# Ver-Enxergar



## Ignacio_arg

*Oi gente

Existe alguma diferença entre ver e enxergar?

Posso usá-los como sinônimos?

Obrigado pela ajuda.*


----------



## Alentugano

Nem sempre são sinónimos. Veja esta resposta, retirada do Ciberdúvidas:
http://www.ciberduvidas.com/pergunta.php?id=6109

O verbo enxergar é mais usado no Brasil e é lá que se nota mais essa diferenciação entre ver e enxergar. Creio que em Portugal caiu um pouco em desuso, usamos mais ver ou olhar.


----------



## Istriano

No Brasil usamos _espiar _também (vou dar uma espiadinha). Minha vó ainda _espia a televisão_.  (Não deve se confundir com _espionar_).
*Enxergar *tem mais a ver com a percepção:_* Tenho que consultar um  oftalmologista  porque não estou enxergando direito.*_


----------



## Istriano

Ignacio_arg said:


> *
> 
> 
> 
> Posso usá-los como sinônimos?
> 
> *


 Nem sempre...

Por exemplo:

_Não está me vendo?_ _Pois, eu estou aqui._ é uma frase neutra
_Não está me enxergando?_  seria engraçado  dá mais ênfase à percepção...

É melhor você usar só _ver _a não ser que se trate de assuntos oftalmológicos.


----------



## Ignacio_arg

*Obrigado pela ajuda.*


----------



## pelus

Entendo que não sempre são sinónimos.

Mas como pode se traduzir esta expressão: ?

" . . . Na Argentina a privatização da YPF, por que é tão difícil *enxergar* a exploração . . . "

Na verdade com estes significados, eu não achei a palavra adequada para la traduzir:

  1. divisar, entrever. 
 2. (observar) notar, percibir. 
3. (com intuição) presentir, adivinar. 
4. fam entender de. Se conjuga como largar

Minha tentativa:
" . . . En Argentina la privatización de YPF,  ¿por qué es tan difícil asumir la explotación? . . . " 
E um pouco melhor estruturada:
" . . . ¿Por qué en Argentina es tan difícil asumir la explotación por parte de YPF ?. . . "
Mas tenho que dizer que é mais do que tudo, apenas uma interpretação.

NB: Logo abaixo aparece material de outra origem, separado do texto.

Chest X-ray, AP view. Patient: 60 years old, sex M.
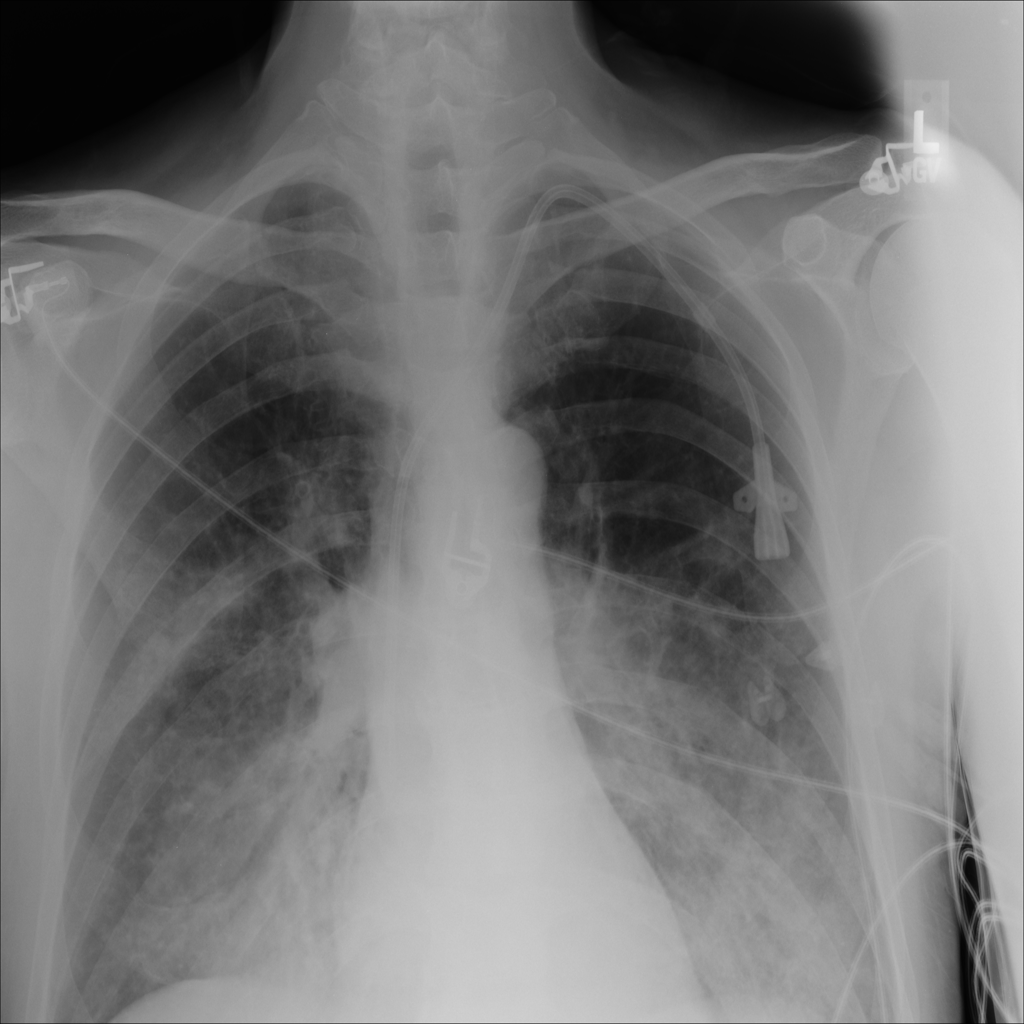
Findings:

_María del Carmen (Pelus) 
Agradece cualquier corrección que se haga sobre sus escritos en lengua portuguesa. _


----------



## WhoSoyEu

Pelus, podés poner el resto de la frase, porfa?


----------



## pelus

WhoSoyEu said:


> Pelus, podés poner el resto de la frase, porfa?



Olá, *WhoSoyEu*.

Acrescento a cita:
" . . . uma pequena união faz muita diferença, aqui no Brasil estamos vivendo a  expectativa da aprovação do código florestal, a quem ele beneficia do  jeito que está? Na Argentina a privatização da YPF, por que é tão  difícil *enxergar* a exploração. É bem o texto das 10 estratégias, . . . "

(O texto pertenece a um forista brasileiro e que reside no Brasil).

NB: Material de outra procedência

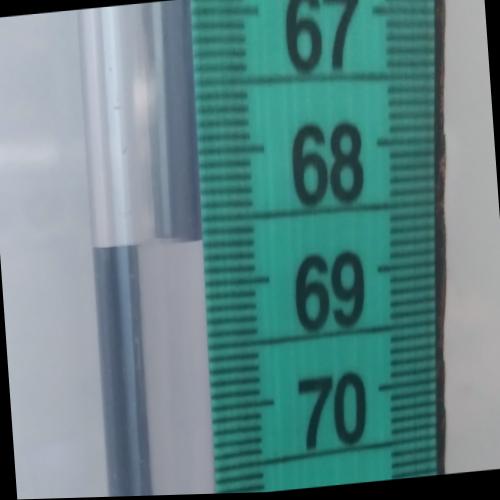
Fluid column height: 68.7 cm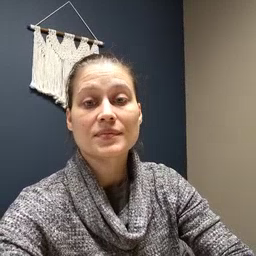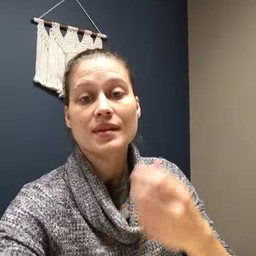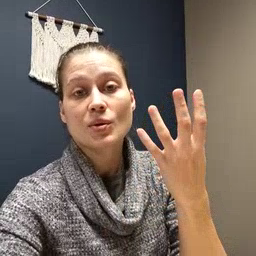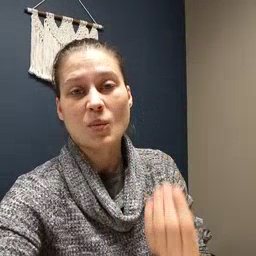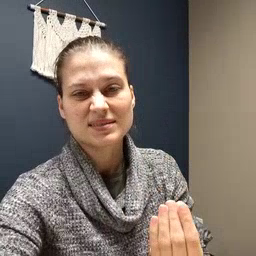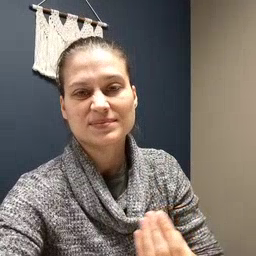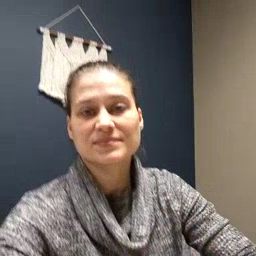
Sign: wet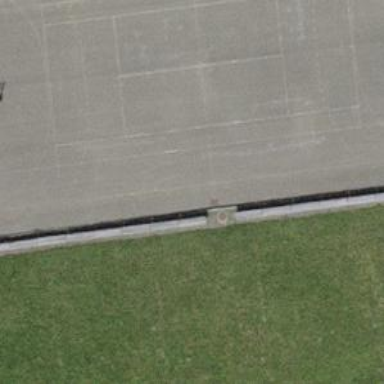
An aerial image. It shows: Brown bench.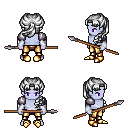
a pixel art fantasy rpg character, male body template, dark elf, purple skin, steel arm armor, gold greaves, white princess hairstyle, white cloth bracers, gold boots, spear, four views (front, back, left, right), 2x2 character sprite sheet, small pixel art, hard edges, no anti-aliasing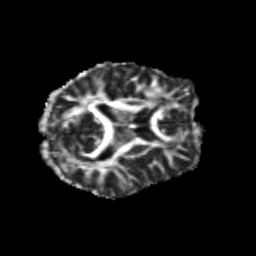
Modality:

_María del Carmen (Pelus) 
Agradece cualquier corrección que se haga sobre sus escritos en lengua portuguesa. _


----------



## zema

pelus said:


> " . . . uma pequena união faz muita diferença, aqui no Brasil estamos vivendo a  expectativa da aprovação do código florestal, a quem ele beneficia do  jeito que está? Na Argentina a privatização da YPF, por que é tão  difícil *enxergar* a exploração. É bem o texto das 10 estratégias, . . . "

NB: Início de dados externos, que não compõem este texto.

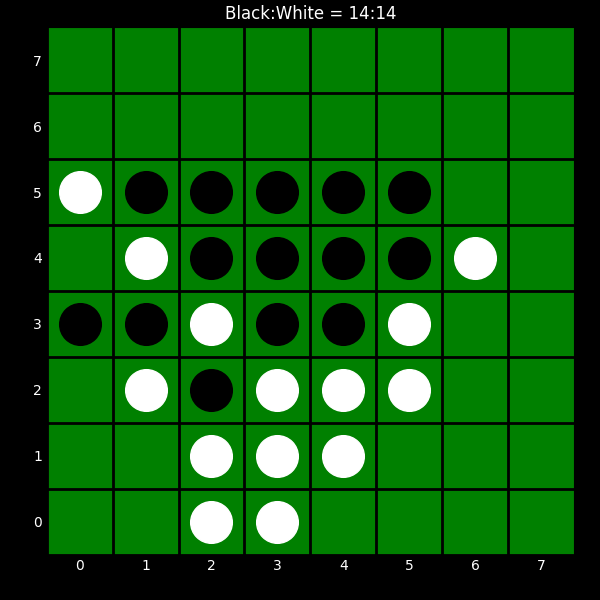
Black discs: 14
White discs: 14

Me resulta confusa la frase, sobre todo porque no me doy cuenta de qué significado tiene aquí *exploração* (y más tratándose de petróleo): _¿exploración_, _explotación_ o _abuso?
_
Por el contexto me da la impresión de que se refiere a _abuso_, pero sería bueno si alguien pudiera aclararlo.


----------



## caji

En esta frase, "exploración" se traduce como explotación, con el sentido marxista (explotación social). Y "enxergar" es usado aquí en su sentido metafórico, como percibir, darse cuenta, ver claramente las cosas. En Brasil lo ocupamos mucho, decimos "A pessoa poder ver e não enxergar". Es una metáfora de la alienación o ingenuidad (política, social, personal, etc.), de cuando la persona ve solo las apariencias y no el sentido implícito de las cosas.


----------



## zema

caji said:


> En esta frase, "exploración" se traduce como explotación, con el sentido marxista (explotación social). Y "enxergar" es usado aquí en su sentido metafórico, como percibir, darse cuenta, ver claramente las cosas. En Brasil lo ocupamos mucho, decimos "A pessoa poder ver e não enxergar". Es una metáfora de la alienación o ingenuidad (política, social, personal, etc.), de cuando la persona ve solo las apariencias y no el sentido implícito de las cosas.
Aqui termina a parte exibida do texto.